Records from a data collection

===============

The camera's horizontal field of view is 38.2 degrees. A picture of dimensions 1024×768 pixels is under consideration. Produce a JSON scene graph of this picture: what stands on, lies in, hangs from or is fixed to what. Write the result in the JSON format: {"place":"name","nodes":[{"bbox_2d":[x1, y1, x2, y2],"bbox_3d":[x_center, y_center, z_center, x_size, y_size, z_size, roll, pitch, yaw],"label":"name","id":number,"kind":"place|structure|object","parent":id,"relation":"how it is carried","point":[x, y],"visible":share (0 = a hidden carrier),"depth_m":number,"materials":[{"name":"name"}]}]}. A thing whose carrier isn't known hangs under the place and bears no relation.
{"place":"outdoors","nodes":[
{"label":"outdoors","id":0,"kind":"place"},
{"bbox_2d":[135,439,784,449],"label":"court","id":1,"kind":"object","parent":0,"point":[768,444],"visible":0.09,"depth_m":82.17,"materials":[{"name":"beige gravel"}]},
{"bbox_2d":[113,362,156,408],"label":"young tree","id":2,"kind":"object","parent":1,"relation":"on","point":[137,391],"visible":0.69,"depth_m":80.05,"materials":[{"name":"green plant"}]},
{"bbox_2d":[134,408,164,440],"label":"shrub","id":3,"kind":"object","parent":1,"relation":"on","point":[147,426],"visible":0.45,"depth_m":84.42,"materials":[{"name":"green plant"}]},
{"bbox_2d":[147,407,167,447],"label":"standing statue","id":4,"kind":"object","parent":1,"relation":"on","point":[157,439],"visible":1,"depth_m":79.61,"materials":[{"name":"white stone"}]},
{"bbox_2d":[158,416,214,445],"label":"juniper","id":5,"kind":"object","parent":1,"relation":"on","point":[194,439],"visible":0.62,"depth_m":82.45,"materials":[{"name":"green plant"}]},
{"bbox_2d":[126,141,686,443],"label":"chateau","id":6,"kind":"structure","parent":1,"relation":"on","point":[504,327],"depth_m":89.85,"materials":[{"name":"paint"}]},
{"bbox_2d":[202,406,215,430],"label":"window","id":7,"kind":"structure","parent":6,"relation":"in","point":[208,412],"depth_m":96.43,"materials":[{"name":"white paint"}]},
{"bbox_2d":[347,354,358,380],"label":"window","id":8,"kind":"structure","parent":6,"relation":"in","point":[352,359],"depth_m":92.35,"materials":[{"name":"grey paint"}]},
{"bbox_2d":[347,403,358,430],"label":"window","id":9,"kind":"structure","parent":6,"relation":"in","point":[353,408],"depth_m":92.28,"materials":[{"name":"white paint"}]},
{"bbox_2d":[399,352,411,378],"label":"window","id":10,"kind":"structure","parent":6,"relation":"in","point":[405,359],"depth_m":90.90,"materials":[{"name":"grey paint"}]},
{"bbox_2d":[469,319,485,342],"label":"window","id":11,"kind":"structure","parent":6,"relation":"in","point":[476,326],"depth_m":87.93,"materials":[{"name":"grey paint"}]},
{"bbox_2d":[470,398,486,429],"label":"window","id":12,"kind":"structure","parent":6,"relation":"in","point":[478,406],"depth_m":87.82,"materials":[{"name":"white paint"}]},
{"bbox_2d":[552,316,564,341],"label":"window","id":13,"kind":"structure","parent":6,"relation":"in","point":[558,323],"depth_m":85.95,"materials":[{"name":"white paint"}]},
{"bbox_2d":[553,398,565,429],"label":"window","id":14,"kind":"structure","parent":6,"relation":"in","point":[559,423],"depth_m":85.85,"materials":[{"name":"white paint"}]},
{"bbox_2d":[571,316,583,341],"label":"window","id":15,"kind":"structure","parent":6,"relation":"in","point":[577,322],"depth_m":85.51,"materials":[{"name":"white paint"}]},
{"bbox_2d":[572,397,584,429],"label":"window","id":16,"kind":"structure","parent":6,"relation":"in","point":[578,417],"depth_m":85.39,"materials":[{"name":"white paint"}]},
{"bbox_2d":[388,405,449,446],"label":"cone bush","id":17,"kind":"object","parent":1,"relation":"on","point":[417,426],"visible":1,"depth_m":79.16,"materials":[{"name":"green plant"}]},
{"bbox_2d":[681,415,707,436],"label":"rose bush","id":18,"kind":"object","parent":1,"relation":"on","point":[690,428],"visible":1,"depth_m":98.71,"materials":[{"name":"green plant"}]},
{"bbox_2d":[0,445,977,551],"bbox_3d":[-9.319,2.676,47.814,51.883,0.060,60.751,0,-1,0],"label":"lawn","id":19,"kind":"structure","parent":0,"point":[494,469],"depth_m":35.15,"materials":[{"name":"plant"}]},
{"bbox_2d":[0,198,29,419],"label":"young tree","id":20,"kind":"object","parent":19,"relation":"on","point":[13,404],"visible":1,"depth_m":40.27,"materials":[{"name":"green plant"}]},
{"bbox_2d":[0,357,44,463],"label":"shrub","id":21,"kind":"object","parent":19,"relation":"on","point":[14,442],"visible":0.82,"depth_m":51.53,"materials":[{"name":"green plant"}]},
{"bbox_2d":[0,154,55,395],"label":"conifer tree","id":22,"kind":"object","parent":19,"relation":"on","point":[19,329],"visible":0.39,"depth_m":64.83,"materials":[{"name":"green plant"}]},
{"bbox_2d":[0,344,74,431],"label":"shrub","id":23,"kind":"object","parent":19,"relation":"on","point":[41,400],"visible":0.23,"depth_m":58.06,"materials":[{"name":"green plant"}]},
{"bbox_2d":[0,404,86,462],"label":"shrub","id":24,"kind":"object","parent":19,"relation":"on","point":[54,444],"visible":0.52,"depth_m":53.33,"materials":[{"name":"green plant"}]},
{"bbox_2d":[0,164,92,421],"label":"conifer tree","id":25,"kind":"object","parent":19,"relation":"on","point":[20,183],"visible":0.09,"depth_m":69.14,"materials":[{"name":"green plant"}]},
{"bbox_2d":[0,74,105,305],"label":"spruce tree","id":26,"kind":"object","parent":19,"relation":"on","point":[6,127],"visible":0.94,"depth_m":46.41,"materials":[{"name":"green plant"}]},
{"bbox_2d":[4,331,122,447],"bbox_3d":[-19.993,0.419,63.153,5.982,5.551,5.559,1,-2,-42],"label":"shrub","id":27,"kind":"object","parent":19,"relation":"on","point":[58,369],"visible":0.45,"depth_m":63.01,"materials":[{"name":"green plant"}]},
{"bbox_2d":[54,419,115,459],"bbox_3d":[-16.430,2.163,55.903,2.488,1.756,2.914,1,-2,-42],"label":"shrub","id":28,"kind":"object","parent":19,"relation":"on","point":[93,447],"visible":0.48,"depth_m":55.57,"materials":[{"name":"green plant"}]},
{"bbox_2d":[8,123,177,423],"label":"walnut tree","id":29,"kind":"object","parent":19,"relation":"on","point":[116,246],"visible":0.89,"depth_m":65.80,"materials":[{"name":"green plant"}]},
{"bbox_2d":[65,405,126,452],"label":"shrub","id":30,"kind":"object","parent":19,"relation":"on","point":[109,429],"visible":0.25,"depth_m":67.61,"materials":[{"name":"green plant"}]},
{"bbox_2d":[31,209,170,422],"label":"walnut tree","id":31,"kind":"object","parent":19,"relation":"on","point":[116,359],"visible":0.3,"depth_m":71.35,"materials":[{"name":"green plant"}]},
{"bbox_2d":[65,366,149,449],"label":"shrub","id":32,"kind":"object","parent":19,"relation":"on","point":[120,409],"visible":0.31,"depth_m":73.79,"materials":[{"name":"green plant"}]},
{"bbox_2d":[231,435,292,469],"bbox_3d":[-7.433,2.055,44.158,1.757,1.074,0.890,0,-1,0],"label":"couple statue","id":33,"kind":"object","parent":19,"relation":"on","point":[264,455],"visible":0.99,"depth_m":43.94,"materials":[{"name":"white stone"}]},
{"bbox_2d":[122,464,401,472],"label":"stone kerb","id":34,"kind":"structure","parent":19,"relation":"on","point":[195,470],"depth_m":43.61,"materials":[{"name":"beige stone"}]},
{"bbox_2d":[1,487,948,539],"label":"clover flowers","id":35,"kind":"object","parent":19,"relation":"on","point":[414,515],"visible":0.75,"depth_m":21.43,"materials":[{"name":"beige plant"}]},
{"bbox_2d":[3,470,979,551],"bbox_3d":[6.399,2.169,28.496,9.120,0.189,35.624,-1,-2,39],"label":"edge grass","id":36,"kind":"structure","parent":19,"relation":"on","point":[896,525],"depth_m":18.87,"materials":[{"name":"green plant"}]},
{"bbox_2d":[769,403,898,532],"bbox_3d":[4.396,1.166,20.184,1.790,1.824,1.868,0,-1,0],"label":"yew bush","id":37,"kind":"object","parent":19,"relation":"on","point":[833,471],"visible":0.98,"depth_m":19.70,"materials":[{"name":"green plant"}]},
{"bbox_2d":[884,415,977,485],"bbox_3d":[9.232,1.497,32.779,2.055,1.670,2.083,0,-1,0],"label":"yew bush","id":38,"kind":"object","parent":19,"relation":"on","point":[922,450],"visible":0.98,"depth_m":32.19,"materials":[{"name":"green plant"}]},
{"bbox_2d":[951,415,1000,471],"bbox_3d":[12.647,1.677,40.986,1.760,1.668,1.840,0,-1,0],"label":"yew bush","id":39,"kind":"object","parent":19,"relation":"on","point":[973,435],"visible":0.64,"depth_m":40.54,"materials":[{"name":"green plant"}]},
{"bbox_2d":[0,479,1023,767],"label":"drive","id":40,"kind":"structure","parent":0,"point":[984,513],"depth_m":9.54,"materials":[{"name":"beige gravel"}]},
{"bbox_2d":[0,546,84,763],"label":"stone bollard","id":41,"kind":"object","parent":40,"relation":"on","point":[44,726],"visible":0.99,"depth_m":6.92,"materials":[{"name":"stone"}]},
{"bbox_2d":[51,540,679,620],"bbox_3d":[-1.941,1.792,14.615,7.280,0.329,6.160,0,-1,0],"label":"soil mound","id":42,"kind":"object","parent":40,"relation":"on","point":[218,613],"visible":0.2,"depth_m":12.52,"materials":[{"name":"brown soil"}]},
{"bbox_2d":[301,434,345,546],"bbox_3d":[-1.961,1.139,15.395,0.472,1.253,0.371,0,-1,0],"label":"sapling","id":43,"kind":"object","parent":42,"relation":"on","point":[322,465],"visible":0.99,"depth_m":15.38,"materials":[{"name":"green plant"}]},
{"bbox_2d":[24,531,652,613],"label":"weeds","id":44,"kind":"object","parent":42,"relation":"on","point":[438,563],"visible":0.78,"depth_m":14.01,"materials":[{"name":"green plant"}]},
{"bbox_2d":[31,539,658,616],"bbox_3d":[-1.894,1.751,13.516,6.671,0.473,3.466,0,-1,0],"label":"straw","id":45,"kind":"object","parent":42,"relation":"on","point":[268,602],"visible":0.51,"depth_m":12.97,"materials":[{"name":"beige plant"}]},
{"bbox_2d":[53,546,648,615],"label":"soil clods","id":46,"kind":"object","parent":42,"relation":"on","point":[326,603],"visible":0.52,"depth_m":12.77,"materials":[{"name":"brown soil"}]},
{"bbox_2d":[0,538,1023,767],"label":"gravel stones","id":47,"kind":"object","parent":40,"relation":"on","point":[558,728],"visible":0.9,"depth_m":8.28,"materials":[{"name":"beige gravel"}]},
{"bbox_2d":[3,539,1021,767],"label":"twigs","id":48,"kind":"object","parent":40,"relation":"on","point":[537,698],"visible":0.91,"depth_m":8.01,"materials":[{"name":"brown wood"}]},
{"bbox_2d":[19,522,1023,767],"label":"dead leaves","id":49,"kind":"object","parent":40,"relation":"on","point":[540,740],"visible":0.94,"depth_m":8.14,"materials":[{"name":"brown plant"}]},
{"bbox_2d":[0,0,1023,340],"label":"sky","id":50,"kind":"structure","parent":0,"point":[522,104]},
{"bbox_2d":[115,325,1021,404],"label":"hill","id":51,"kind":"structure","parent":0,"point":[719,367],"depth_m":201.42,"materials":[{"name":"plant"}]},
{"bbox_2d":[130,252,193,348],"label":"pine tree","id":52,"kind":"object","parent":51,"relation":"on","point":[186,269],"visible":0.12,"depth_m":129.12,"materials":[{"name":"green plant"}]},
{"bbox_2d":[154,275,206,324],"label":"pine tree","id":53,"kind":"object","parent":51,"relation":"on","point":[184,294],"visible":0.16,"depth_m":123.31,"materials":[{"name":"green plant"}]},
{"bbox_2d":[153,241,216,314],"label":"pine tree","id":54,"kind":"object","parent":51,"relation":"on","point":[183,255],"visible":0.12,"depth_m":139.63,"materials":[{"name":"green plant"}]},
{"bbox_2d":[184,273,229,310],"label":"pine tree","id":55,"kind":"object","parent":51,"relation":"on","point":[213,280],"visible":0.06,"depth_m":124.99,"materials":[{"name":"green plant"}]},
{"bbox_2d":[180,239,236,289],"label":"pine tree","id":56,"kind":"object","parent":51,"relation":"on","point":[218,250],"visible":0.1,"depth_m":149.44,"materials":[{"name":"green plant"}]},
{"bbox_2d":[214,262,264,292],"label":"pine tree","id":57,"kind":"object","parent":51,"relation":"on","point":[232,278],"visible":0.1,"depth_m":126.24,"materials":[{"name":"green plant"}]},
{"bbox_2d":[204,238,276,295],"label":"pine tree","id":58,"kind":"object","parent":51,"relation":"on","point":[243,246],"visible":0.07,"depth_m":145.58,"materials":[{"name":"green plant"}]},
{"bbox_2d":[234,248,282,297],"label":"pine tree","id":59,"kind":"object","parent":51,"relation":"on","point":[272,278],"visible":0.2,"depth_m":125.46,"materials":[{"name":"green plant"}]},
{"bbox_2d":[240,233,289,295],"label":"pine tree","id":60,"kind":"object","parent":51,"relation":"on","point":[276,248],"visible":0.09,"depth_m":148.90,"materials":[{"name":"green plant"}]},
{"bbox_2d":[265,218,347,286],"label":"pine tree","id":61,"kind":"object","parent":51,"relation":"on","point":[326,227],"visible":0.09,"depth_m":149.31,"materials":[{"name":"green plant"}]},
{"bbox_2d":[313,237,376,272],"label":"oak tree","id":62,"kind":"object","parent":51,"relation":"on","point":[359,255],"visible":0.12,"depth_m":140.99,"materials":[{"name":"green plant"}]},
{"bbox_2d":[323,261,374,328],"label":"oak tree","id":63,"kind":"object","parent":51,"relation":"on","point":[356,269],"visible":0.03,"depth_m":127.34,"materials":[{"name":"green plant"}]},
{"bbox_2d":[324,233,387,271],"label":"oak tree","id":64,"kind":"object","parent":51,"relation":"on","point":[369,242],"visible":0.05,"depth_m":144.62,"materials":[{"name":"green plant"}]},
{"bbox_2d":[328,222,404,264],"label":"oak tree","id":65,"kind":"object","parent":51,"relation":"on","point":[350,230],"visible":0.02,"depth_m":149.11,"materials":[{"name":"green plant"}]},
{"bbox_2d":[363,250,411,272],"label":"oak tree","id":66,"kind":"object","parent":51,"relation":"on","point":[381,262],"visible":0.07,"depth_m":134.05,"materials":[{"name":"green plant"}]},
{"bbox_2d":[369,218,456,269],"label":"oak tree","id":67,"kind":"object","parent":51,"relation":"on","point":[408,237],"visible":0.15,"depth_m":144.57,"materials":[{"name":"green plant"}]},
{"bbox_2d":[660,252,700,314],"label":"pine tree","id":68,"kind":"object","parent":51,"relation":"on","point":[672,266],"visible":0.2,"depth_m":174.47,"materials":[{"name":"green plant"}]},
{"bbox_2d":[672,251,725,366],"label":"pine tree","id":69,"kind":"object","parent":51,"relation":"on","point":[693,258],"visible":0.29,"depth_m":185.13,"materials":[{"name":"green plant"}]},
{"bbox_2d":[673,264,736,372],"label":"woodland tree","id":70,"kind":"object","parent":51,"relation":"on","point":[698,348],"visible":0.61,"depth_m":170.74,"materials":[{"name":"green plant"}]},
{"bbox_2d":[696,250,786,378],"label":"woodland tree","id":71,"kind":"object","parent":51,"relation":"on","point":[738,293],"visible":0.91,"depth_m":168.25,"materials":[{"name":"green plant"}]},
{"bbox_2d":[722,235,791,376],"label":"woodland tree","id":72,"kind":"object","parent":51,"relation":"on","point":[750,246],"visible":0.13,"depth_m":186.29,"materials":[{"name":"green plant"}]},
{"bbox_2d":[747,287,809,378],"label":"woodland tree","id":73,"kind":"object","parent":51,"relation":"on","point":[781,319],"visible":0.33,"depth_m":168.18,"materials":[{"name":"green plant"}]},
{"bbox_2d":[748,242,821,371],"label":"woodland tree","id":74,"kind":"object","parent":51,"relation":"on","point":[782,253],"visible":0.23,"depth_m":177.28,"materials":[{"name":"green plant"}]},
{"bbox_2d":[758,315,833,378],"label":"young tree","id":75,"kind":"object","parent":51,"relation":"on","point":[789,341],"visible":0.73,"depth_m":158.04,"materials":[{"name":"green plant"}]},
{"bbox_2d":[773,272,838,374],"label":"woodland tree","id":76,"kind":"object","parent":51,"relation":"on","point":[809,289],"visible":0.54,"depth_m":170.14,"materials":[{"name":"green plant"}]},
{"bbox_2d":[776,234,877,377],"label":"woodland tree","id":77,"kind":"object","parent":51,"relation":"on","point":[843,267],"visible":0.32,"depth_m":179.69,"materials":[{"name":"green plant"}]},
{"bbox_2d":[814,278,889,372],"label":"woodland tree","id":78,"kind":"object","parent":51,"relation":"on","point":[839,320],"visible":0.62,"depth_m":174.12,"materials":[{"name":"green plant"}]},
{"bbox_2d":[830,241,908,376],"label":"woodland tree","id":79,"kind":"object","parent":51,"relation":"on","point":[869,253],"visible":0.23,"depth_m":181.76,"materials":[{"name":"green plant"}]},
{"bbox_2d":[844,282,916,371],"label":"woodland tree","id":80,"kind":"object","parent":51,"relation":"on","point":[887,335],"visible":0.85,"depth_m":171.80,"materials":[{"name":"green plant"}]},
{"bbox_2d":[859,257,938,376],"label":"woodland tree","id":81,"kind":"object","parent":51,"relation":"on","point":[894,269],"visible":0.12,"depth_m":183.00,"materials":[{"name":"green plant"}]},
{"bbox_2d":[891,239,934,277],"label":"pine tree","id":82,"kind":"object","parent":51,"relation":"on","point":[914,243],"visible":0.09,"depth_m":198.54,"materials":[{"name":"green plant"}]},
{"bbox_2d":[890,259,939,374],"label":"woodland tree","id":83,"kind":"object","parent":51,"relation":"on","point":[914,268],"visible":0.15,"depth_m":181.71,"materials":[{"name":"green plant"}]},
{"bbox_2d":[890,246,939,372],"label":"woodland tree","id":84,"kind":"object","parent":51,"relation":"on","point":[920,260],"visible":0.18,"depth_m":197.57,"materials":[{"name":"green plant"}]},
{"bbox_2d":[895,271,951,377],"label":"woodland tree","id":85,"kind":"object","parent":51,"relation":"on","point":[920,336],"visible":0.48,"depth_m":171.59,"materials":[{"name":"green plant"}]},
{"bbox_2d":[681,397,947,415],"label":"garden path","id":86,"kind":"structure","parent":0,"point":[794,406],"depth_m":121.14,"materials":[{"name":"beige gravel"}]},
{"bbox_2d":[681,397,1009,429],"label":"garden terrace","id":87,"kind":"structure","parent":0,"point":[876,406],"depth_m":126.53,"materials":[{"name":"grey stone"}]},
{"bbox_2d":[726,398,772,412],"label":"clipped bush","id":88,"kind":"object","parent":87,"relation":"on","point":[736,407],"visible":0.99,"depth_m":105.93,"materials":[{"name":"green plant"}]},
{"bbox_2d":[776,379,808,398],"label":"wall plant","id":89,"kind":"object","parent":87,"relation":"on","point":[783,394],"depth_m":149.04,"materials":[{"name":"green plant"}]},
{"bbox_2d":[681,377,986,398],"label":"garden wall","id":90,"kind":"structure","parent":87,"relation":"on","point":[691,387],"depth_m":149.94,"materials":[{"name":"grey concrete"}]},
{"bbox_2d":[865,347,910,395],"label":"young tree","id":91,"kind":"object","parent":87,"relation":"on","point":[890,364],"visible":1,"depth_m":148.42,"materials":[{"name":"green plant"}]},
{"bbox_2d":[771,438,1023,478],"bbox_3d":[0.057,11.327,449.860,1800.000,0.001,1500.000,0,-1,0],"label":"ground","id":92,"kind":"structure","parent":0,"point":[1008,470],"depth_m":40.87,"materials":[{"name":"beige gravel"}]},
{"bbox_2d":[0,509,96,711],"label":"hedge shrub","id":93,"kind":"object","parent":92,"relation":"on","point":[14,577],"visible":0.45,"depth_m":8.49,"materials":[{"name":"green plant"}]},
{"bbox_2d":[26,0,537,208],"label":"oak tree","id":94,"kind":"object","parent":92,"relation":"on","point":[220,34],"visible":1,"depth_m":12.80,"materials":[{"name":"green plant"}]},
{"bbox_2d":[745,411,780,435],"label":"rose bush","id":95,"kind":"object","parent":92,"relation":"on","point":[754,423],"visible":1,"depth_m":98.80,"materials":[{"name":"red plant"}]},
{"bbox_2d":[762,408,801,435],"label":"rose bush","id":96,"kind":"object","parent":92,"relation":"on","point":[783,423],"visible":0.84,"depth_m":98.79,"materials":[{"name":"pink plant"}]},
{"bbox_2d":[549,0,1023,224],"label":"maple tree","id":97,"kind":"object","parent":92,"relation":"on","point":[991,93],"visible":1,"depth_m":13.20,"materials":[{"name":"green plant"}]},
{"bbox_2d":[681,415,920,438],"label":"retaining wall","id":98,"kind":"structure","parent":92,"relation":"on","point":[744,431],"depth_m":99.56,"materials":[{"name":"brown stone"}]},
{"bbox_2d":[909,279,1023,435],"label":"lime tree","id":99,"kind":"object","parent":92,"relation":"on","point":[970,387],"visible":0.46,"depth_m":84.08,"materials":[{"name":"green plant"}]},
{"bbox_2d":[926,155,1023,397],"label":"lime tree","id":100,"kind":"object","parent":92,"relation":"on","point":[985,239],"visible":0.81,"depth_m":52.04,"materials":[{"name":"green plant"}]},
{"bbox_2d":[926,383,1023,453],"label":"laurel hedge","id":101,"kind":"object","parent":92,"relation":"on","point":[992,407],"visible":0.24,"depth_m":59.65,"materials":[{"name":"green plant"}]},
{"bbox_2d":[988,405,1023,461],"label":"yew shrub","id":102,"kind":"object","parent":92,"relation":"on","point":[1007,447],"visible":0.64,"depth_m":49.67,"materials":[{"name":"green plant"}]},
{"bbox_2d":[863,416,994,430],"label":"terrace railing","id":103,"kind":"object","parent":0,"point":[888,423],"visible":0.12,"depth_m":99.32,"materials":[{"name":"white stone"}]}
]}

===============

The word to find is "garden". Copy every line of the records that holds it.

-- Task response --
{"bbox_2d":[681,397,947,415],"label":"garden path","id":86,"kind":"structure","parent":0,"point":[794,406],"depth_m":121.14,"materials":[{"name":"beige gravel"}]},
{"bbox_2d":[681,397,1009,429],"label":"garden terrace","id":87,"kind":"structure","parent":0,"point":[876,406],"depth_m":126.53,"materials":[{"name":"grey stone"}]},
{"bbox_2d":[681,377,986,398],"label":"garden wall","id":90,"kind":"structure","parent":87,"relation":"on","point":[691,387],"depth_m":149.94,"materials":[{"name":"grey concrete"}]},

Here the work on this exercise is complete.